▶ [WORK ITEM] Transcribe the records in full; omit images.

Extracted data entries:
----------------------------------------

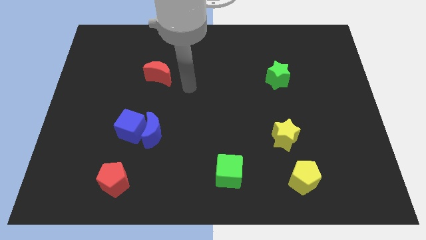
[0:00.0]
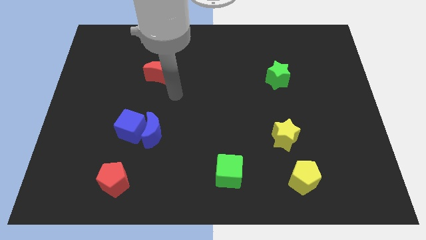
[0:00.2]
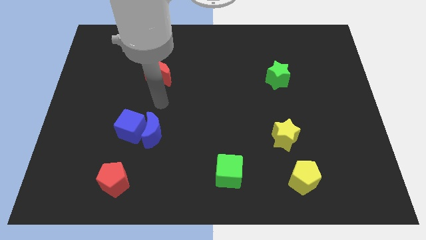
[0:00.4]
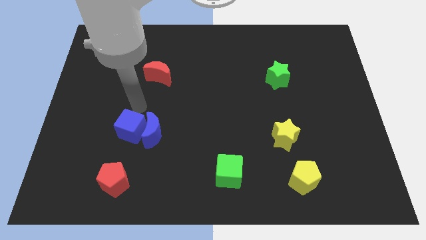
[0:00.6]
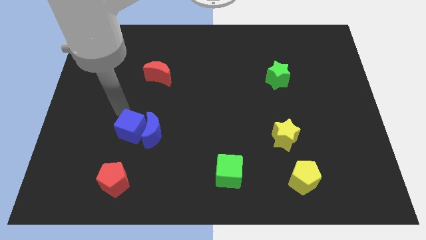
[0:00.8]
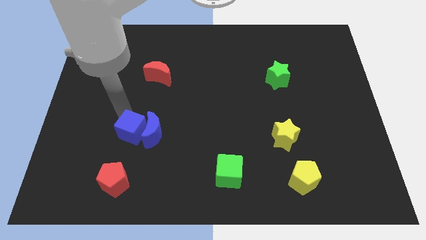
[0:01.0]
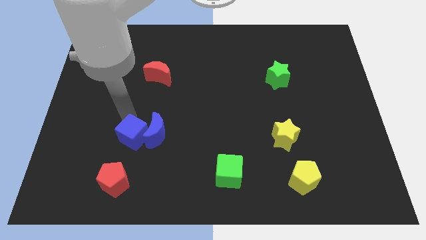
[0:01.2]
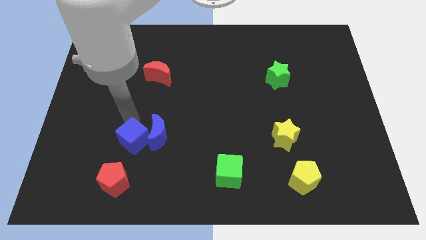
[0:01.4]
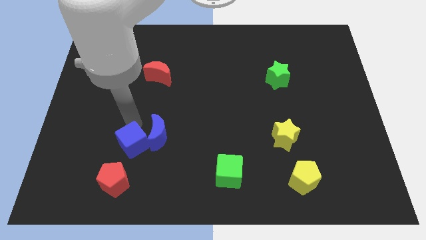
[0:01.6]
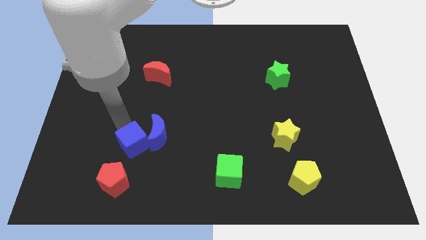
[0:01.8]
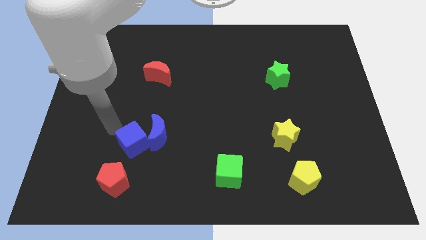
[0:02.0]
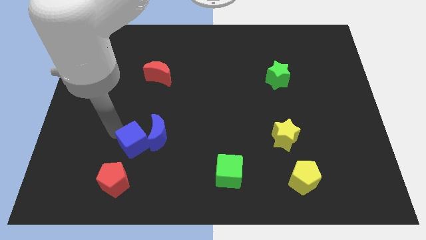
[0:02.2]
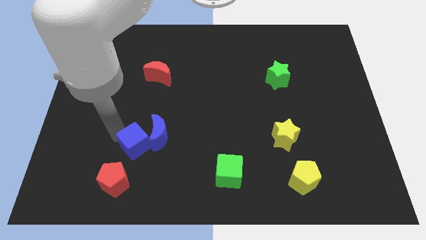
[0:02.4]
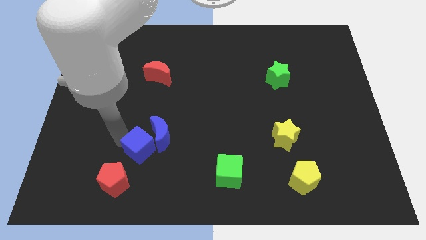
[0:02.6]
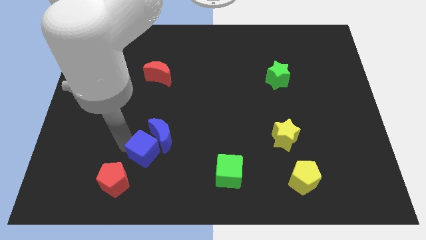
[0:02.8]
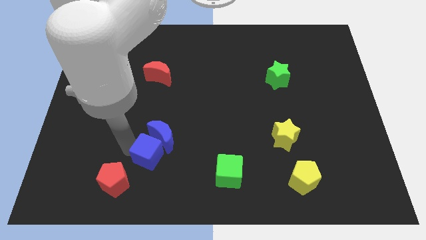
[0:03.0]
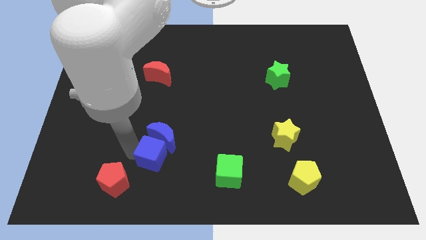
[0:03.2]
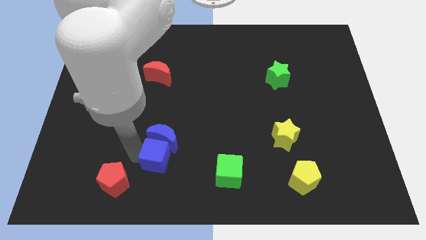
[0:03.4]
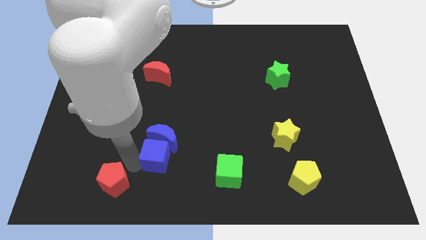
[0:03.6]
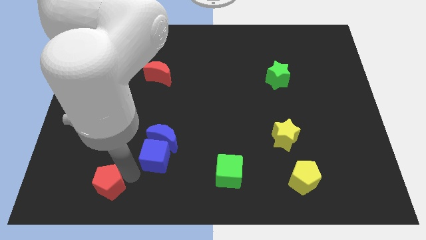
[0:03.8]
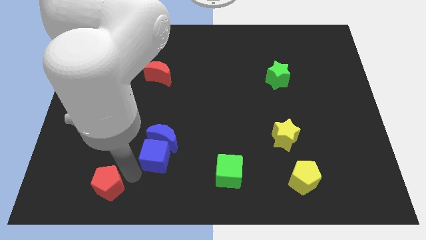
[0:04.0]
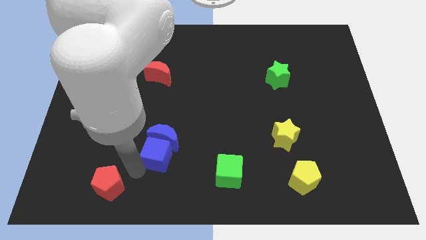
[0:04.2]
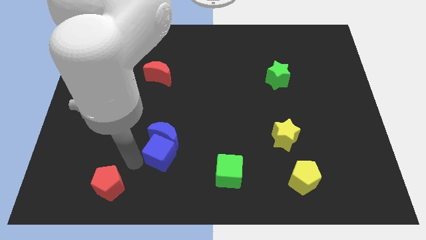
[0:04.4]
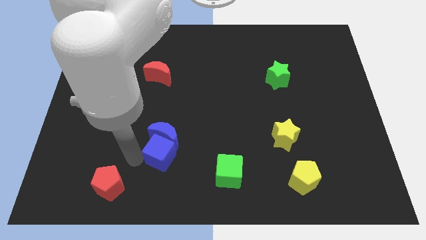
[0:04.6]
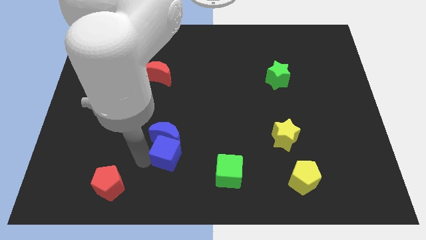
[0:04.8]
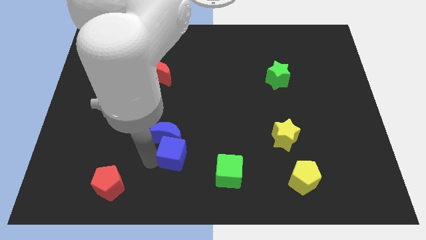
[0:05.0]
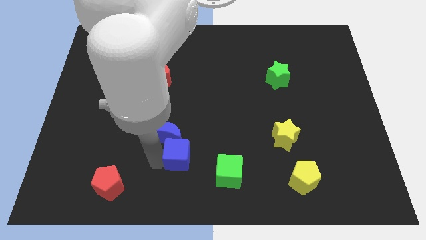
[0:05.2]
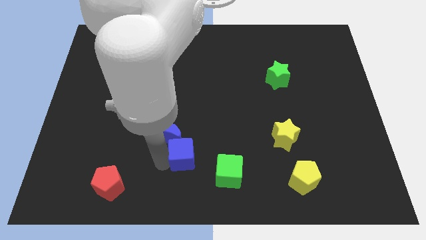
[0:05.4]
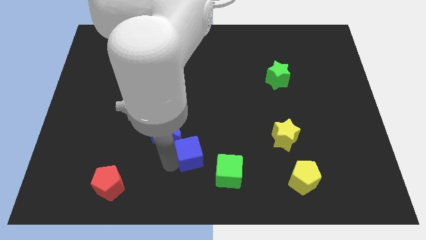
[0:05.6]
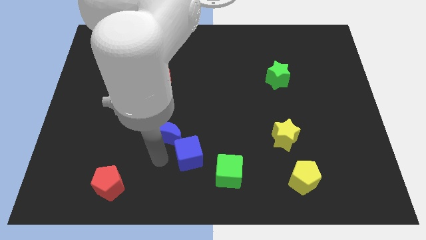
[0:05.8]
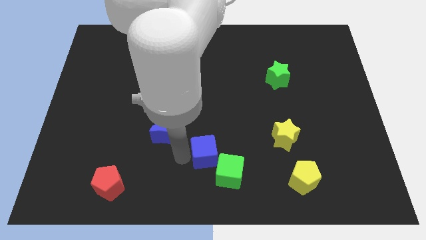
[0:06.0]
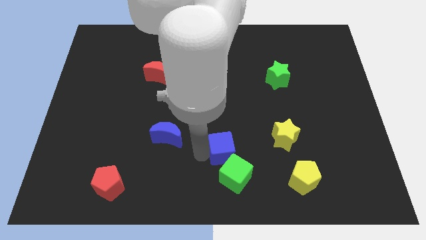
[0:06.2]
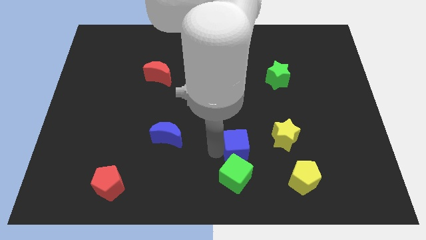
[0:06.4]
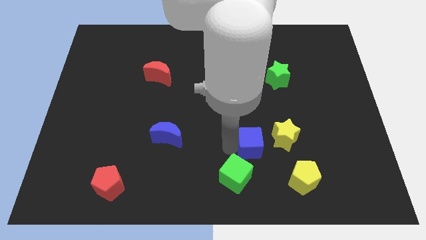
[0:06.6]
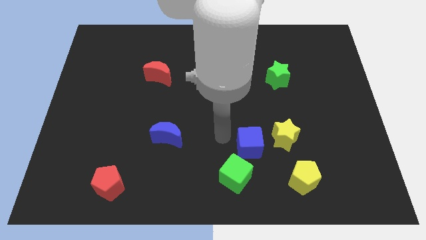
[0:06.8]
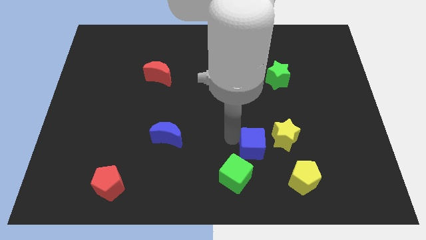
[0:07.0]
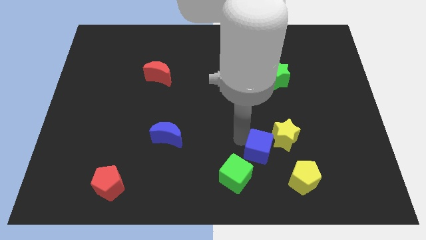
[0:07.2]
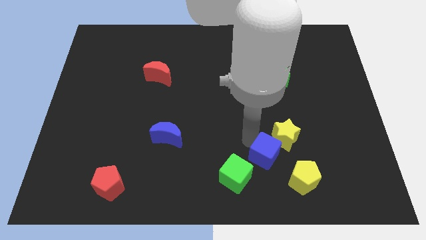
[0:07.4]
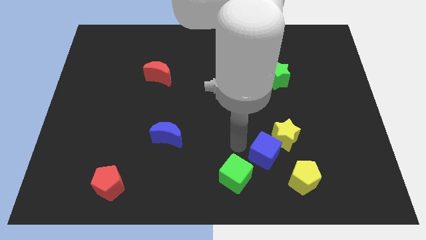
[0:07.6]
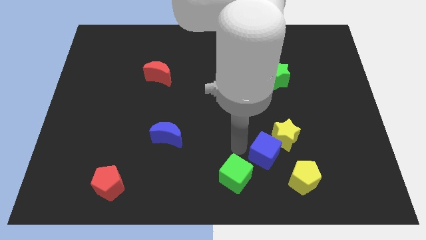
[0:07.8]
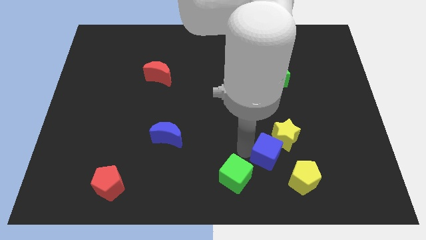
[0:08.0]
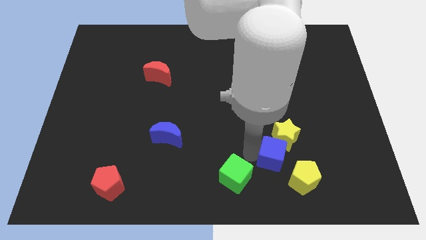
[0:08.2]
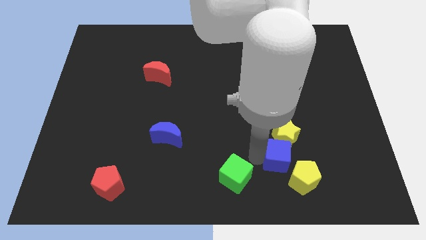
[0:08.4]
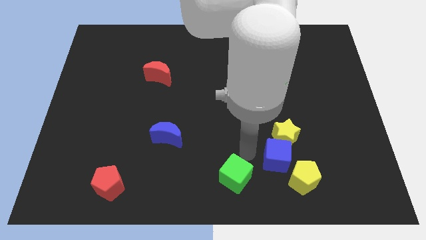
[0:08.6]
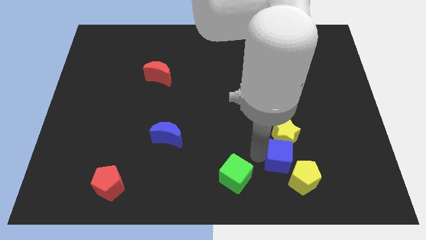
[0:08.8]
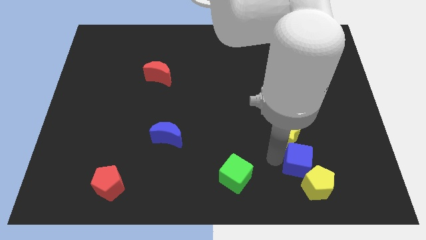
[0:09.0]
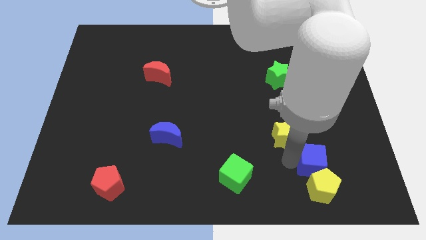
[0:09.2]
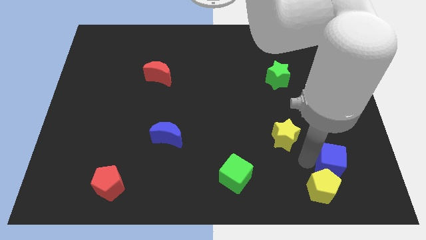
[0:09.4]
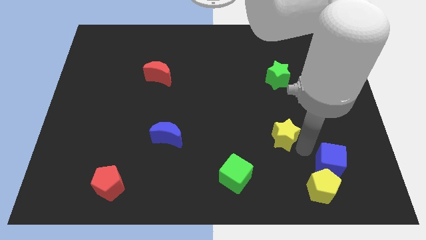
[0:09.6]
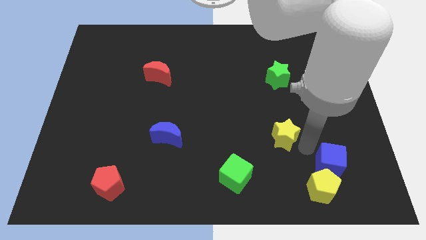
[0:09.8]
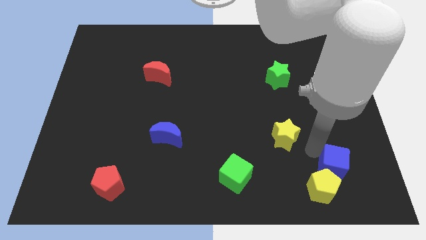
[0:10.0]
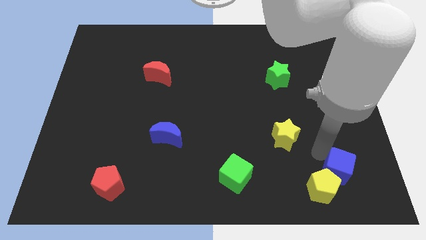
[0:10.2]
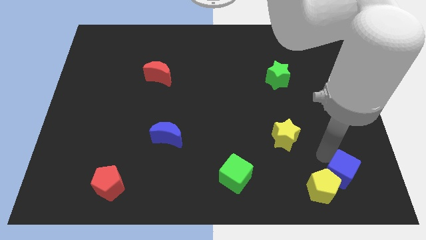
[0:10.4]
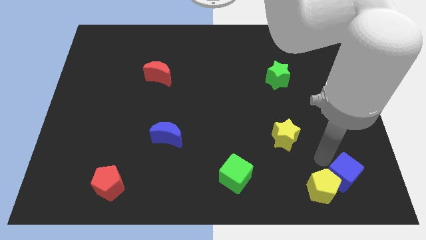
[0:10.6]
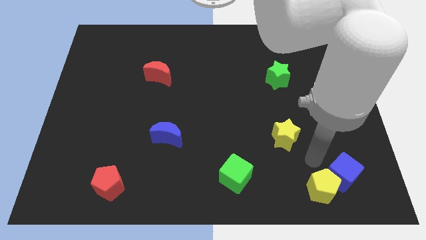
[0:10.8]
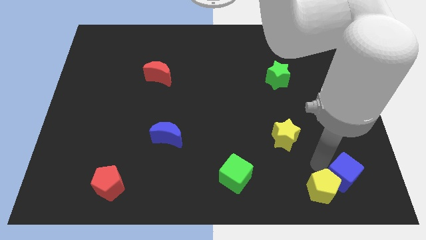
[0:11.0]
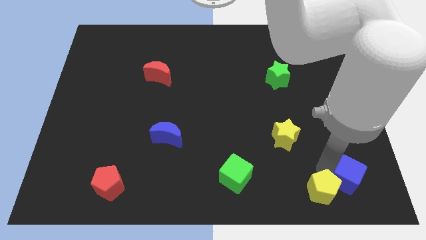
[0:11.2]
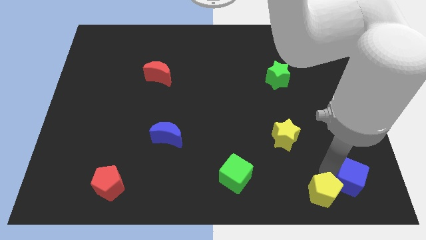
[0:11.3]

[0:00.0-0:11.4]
slide the blue cube to the bottom right

----------------------------------------

▶ [ANSWER TO THIS PROBLEM]
[0:00.0]
[0:00.2]
[0:00.4]
[0:00.6]
[0:00.8]
[0:01.0]
[0:01.2]
[0:01.4]
[0:01.6]
[0:01.8]
[0:02.0]
[0:02.2]
[0:02.4]
[0:02.6]
[0:02.8]
[0:03.0]
[0:03.2]
[0:03.4]
[0:03.6]
[0:03.8]
[0:04.0]
[0:04.2]
[0:04.4]
[0:04.6]
[0:04.8]
[0:05.0]
[0:05.2]
[0:05.4]
[0:05.6]
[0:05.8]
[0:06.0]
[0:06.2]
[0:06.4]
[0:06.6]
[0:06.8]
[0:07.0]
[0:07.2]
[0:07.4]
[0:07.6]
[0:07.8]
[0:08.0]
[0:08.2]
[0:08.4]
[0:08.6]
[0:08.8]
[0:09.0]
[0:09.2]
[0:09.4]
[0:09.6]
[0:09.8]
[0:10.0]
[0:10.2]
[0:10.4]
[0:10.6]
[0:10.8]
[0:11.0]
[0:11.2]
[0:11.3]

[0:00.0-0:11.4]
slide the blue cube to the bottom right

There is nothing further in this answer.